Bunga dan buah-buahan musim semi - Foto: NK
Januari sungguh luar biasa karena memiliki karakteristik unik dan mengesankan yang tidak dimiliki bulan lain sepanjang tahun. Setiap penyair, ketika menulis tentang Januari, memiliki pendekatan masing-masing, tetapi mereka semua memiliki perasaan yang sama bahwa ini adalah bulan dengan pengalaman yang paling berkesan dan manis.
Bulan Januari menandai awal tahun baru, ketika pepohonan mulai menggugurkan daun-daun kering dan layu akibat musim dingin yang keras, menggantinya dengan tunas-tunas hijau yang semarak, menandai datangnya musim semi baru, musim pertumbuhan dan pembaruan bagi segala sesuatu. Bukan hanya warna dan aroma yang berubah di bulan Januari, tetapi tampaknya hati manusia juga berubah, menjadi gembira dan bersemangat seiring Januari memenuhi setiap sudut.
" Layu lalu tumbuh subur kembali."
Waktu itu seperti ladang.
Saat kita masih kecil
Apakah kamu ingat bulan Januari?
Mengetahui kapan harus kembali
Warna langit yang jernih
Tutuplah kelopak mata gadis perawan itu.
Aroma bulan Januari memenuhi bibirku..."
(Januari - Lam Thi My Da)
Bulan Januari juga membawa banyak kenangan indah, membangkitkan gambaran dan aroma rumah saat musim semi tiba:
" Bulan Januari tiba, tetapi angin utara masih berhembus."
Bunga rapeseed kuning mewarnai seluruh sore musim dingin.
Perahu tua itu ditambatkan di sepanjang tepi sungai, menunggu.

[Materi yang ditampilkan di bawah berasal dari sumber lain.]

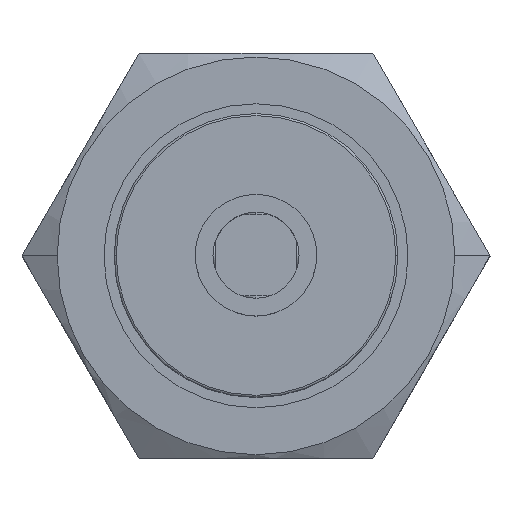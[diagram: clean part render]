
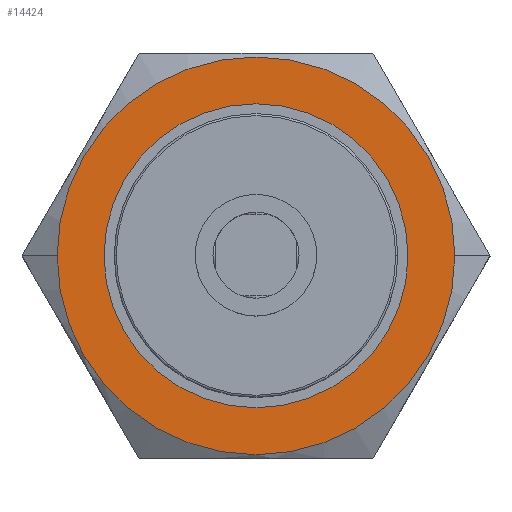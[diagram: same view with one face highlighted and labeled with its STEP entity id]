
A CAD part, top view. The second image highlights one B-rep face of the part: STEP entity #14424.
In plain terms, the highlighted planar face has unit normal (0, 0, 1).
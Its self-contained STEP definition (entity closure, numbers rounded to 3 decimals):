
#1075 = CARTESIAN_POINT ( 'NONE',  ( 11.547, -20., 29. ) ) ;
#2205 = CARTESIAN_POINT ( 'NONE',  ( -13.706, 0., 29. ) ) ;
#2227 = CARTESIAN_POINT ( 'NONE',  ( -19.625, 0., 29. ) ) ;
#3436 = DIRECTION ( 'NONE',  ( -1., 0., 0. ) ) ;
#3939 = DIRECTION ( 'NONE',  ( 1., 0., 0. ) ) ;
#4130 = EDGE_CURVE ( 'NONE', #34917, #23107, #7766, .T. ) ;
#4724 = AXIS2_PLACEMENT_3D ( 'NONE', #16995, #27958, #3436 ) ;
#5404 = DIRECTION ( 'NONE',  ( 0., 0., -1. ) ) ;
#5974 = ORIENTED_EDGE ( 'NONE', *, *, #28285, .T. ) ;
#6021 = CARTESIAN_POINT ( 'NONE',  ( 0., 0., 29. ) ) ;
#6655 = PLANE ( 'NONE',  #10194 ) ;
#7766 = CIRCLE ( 'NONE', #19617, 19.625 ) ;
#10029 = CIRCLE ( 'NONE', #10061, 13.706 ) ;
#10061 = AXIS2_PLACEMENT_3D ( 'NONE', #18743, #5404, #24451 ) ;
#10194 = AXIS2_PLACEMENT_3D ( 'NONE', #1075, #12246, #3939 ) ;
#10210 = AXIS2_PLACEMENT_3D ( 'NONE', #6021, #25195, #20045 ) ;
#12246 = DIRECTION ( 'NONE',  ( 0., 0., 1. ) ) ;
#12951 = CIRCLE ( 'NONE', #10210, 13.706 ) ;
#13847 = CARTESIAN_POINT ( 'NONE',  ( 19.625, 0., 29. ) ) ;
#14019 = DIRECTION ( 'NONE',  ( 0., 0., -1. ) ) ;
#14424 = ADVANCED_FACE ( 'NONE', ( #17329, #18637 ), #6655, .T. ) ;
#14955 = EDGE_CURVE ( 'NONE', #23107, #34917, #26761, .T. ) ;
#16399 = CARTESIAN_POINT ( 'NONE',  ( 0., 0., 29. ) ) ;
#16995 = CARTESIAN_POINT ( 'NONE',  ( 0., 0., 29. ) ) ;
#17329 = FACE_BOUND ( 'NONE', #26749, .T. ) ;
#17721 = ORIENTED_EDGE ( 'NONE', *, *, #34374, .T. ) ;
#18637 = FACE_OUTER_BOUND ( 'NONE', #28635, .T. ) ;
#18743 = CARTESIAN_POINT ( 'NONE',  ( 0., 0., 29. ) ) ;
#19617 = AXIS2_PLACEMENT_3D ( 'NONE', #16399, #14019, #22009 ) ;
#20045 = DIRECTION ( 'NONE',  ( 1., 0., 0. ) ) ;
#22009 = DIRECTION ( 'NONE',  ( -1., 0., 0. ) ) ;
#23107 = VERTEX_POINT ( 'NONE', #2227 ) ;
#24451 = DIRECTION ( 'NONE',  ( 1., 0., 0. ) ) ;
#25195 = DIRECTION ( 'NONE',  ( 0., 0., -1. ) ) ;
#26749 = EDGE_LOOP ( 'NONE', ( #17721, #5974 ) ) ;
#26761 = CIRCLE ( 'NONE', #4724, 19.625 ) ;
#27162 = ORIENTED_EDGE ( 'NONE', *, *, #14955, .F. ) ;
#27958 = DIRECTION ( 'NONE',  ( 0., 0., -1. ) ) ;
#28285 = EDGE_CURVE ( 'NONE', #32191, #31281, #10029, .T. ) ;
#28635 = EDGE_LOOP ( 'NONE', ( #27162, #31088 ) ) ;
#30964 = CARTESIAN_POINT ( 'NONE',  ( 13.706, 0., 29. ) ) ;
#31088 = ORIENTED_EDGE ( 'NONE', *, *, #4130, .F. ) ;
#31281 = VERTEX_POINT ( 'NONE', #30964 ) ;
#32191 = VERTEX_POINT ( 'NONE', #2205 ) ;
#34374 = EDGE_CURVE ( 'NONE', #31281, #32191, #12951, .T. ) ;
#34917 = VERTEX_POINT ( 'NONE', #13847 ) ;

Di ujung tanggul, asap dari ladang yang terbakar mengepul di udara.
(Januari dan Musim Semi - Nguyen Dinh Huan)
Atau:
" Oh Januari! Perlahan, lembut, sayangku."
Karena ada banyak hal yang ingin saya sampaikan.
Dengan seribu bunga warna-warni yang berharap tidak layu terlalu cepat.
Kupu-kupu berkelana di senja hari di antara jalur-jalur musim semi yang tak terhitung jumlahnya yang berlalu.
(Perlahan Januari - Pasang Naik)
Januari juga merupakan bulan pernikahan, musim cinta, musim momen-momen manis ketika para pemuda dan pemudi mengungkapkan kasih sayang mereka satu sama lain dengan kalimat seperti, "Setelah Tahun Baru, aku akan menikahimu...". Ada begitu banyak bulan dalam setahun, tetapi Januari selalu dipilih oleh pasangan sebagai bulan yang ramai untuk pernikahan mereka, musim menyatukan hati melalui pernikahan.
" Pada bulan Januari, ribuan bunga yang lembut melepaskan keharumannya."
Musim ini menjanjikan cinta yang penuh gairah dan tulus.
Sayangku! Kita dipisahkan oleh jarak yang sangat jauh.
Mereka saling mencintai dan terhubung oleh benang takdir.
(Mimpi Mawar Hitam)
Atau:
" Dinginnya musim dingin masih terasa."
Cuaca di bulan Januari agak dingin.
Kita menempuh jalan yang sama bersama-sama.
Gaunnya berkibar tertiup angin.
Di bulan Januari, pipimu merona dan berseri-seri...
(Januari - Kelahiran Kaisar)
Bulan Januari dipenuhi dengan perasaan kekeluargaan yang penuh kasih sayang, karena cinta keluarga selalu merupakan perasaan yang hangat dan penuh kasih sayang, di jalan-jalan yang kita kenal dan lalui kembali, di taman rumah kita yang akrab:
" Aku kembali untuk menikmati sinar matahari yang miring."
Januari, sungguh bulan yang indah untuk dinantikan di bawah langit!
Aku akan kembali seperti diriku yang dulu, sayangku.
Burung itu memanggil temannya di taman.
(Januari - Minh Ly)
Atau:
" Keluarga adalah tempat berlindung."
Di saat angin dan hujan, siang hari di musim panas, dan malam hari di musim dingin.
Masa depan itu seindah bunga mawar.
"Semua ini berkat upaya yang telah kita lakukan untuk mengembangkannya hingga saat ini..."
(Rumah yang hangat... - Nguyen Xuan Vien)
Dapat dipastikan bahwa puisi tentang bulan Januari selalu membangkitkan emosi yang kuat dan kesan yang mendalam pada pembaca, meskipun setiap penulis dan setiap puisi memiliki pendekatan yang berbeda terhadap bulan Januari, masing-masing dengan gaya uniknya sendiri. Namun pada akhirnya, semua puisi yang ditulis tentang bulan Januari mengungkapkan keindahan dan emosi yang mendalam dari bulan Januari yang penuh harapan untuk tahun baru yang dimulai dengan banyak pertanda baik untuk hari esok yang cerah!